Editing and managing rivers
Only applicable to CDC extraction mode.
Reactivation ensures that updates or modifications are applied correctly, letting the River resume processing data. You must reactivate the River to restore full feature when making changes to the River.
Summary page
The Summary page (first page) provides a comprehensive overview of the River’s recent activity, performance metrics, and current configuration settings, letting you quickly review its status and key operational details.
Procedure
- Navigate to the Data Integration console.
- Click Rivers from the left-hand menu.
- Select the specific River you want to edit or review.
- The "Summary" page shows essential information about the River's current state and recent activity.
The Source, Target, and Schema tabs are identical to those used when creating a new River.

Deployments
Deploying configurations from one environment to another is supported for Rivers created using the new Source to Target experience.
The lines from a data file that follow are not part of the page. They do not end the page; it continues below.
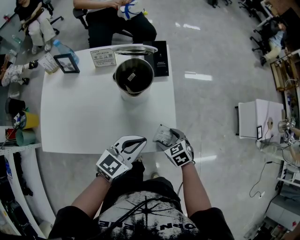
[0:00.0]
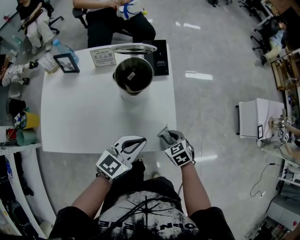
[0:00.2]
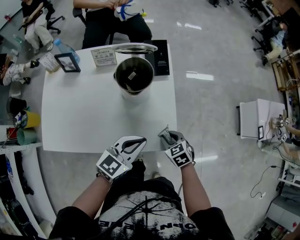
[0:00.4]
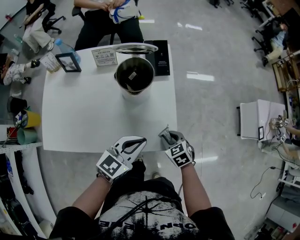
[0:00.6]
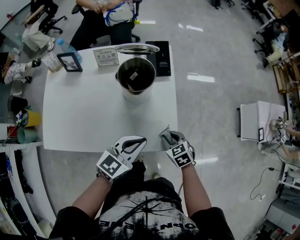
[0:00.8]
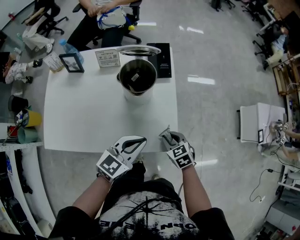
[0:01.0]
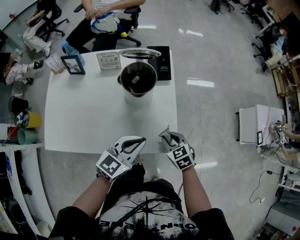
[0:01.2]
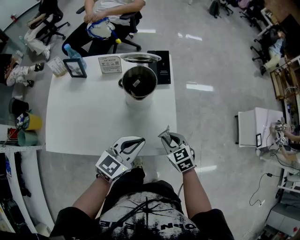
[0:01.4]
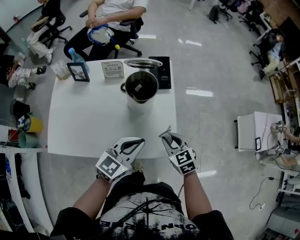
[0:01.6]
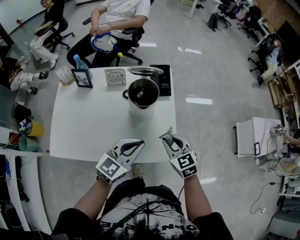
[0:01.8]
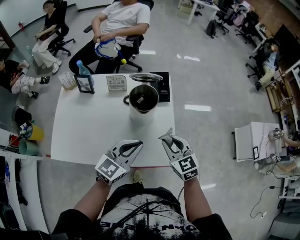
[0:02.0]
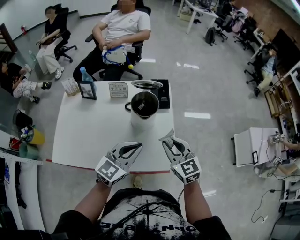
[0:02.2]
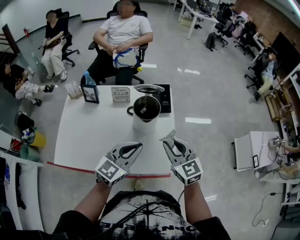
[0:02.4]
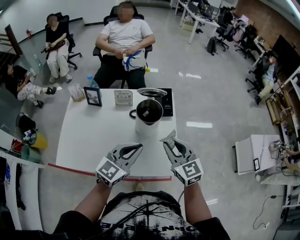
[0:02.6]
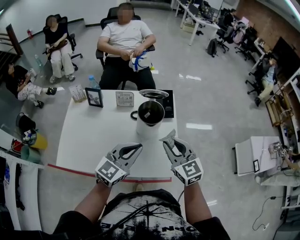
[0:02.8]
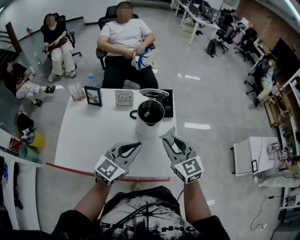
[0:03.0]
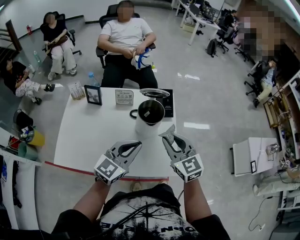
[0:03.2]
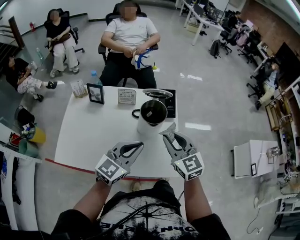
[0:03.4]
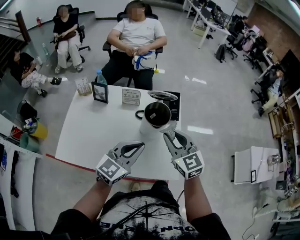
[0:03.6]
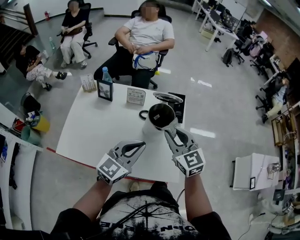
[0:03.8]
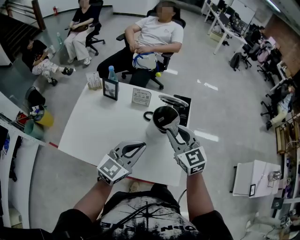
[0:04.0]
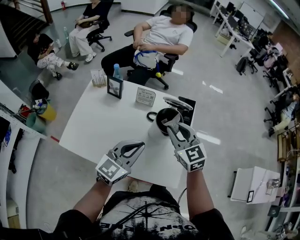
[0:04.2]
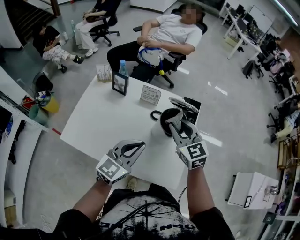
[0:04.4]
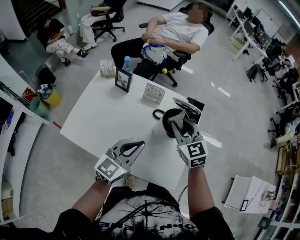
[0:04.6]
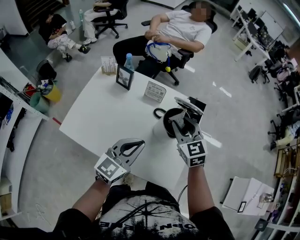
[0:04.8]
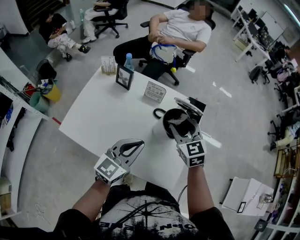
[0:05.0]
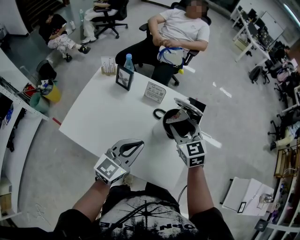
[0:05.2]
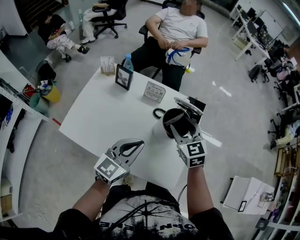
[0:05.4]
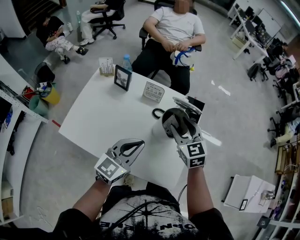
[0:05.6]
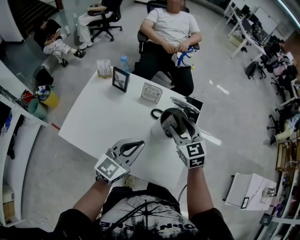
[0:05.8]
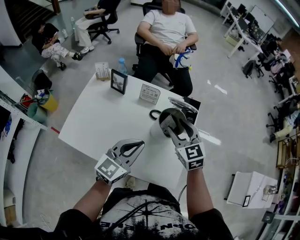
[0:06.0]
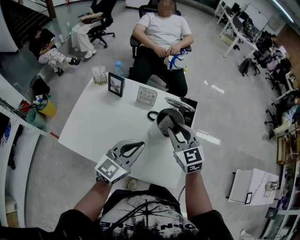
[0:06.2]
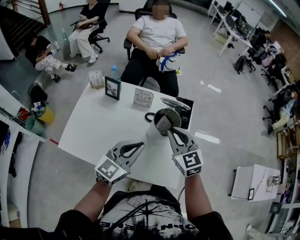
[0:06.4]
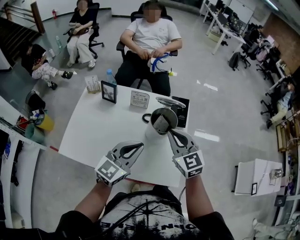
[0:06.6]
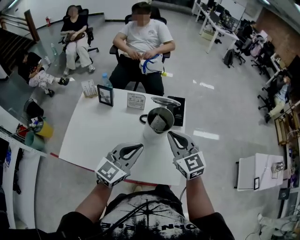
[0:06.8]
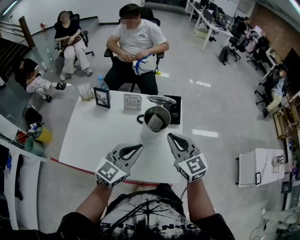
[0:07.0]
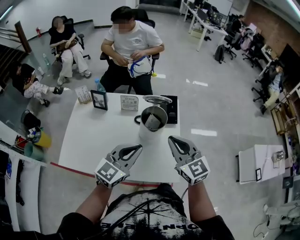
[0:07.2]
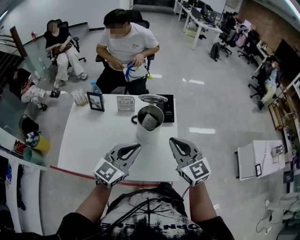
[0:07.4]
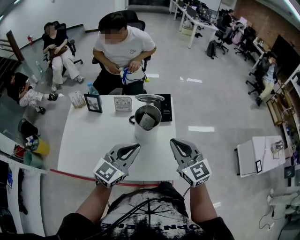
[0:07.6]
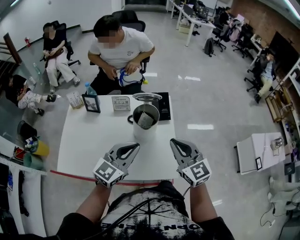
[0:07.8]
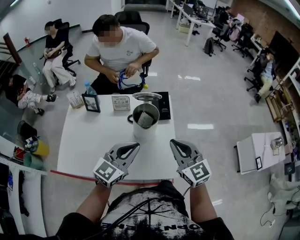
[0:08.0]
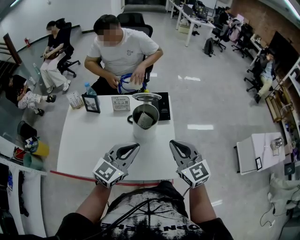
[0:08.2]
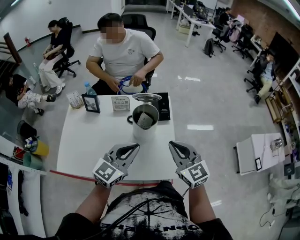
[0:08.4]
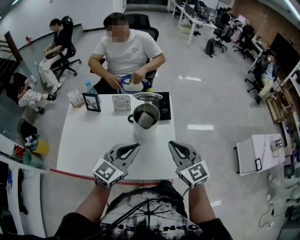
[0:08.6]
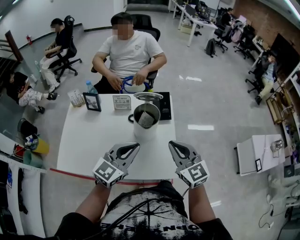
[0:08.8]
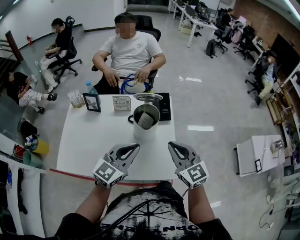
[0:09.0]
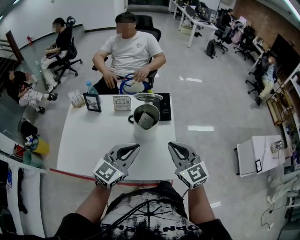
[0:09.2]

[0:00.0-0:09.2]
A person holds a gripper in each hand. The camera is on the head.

The deployment process includes the following details:
-
River type and status:
- You can view the River type in the relevant column.
- You can view the current status of the "Source Environment" and the intended status of the "Target Environment".
-
Original status retention:
Rivers created with the new "Source to Target experience" retain their original status when deployed to the "Target Environment. - CDC Rivers" are deployed with a Disabled status.
- Existing Rivers in the target environment:
If a River exists in the "Target Environment," its configuration is updated without altering its status. For example, Active Rivers remain active, and their validation state does not reset.
Recommendation: While the process avoids re-validation, it is recommended to manually reactivate the Rivers to ensure proper feature and integration in the "Target Environment".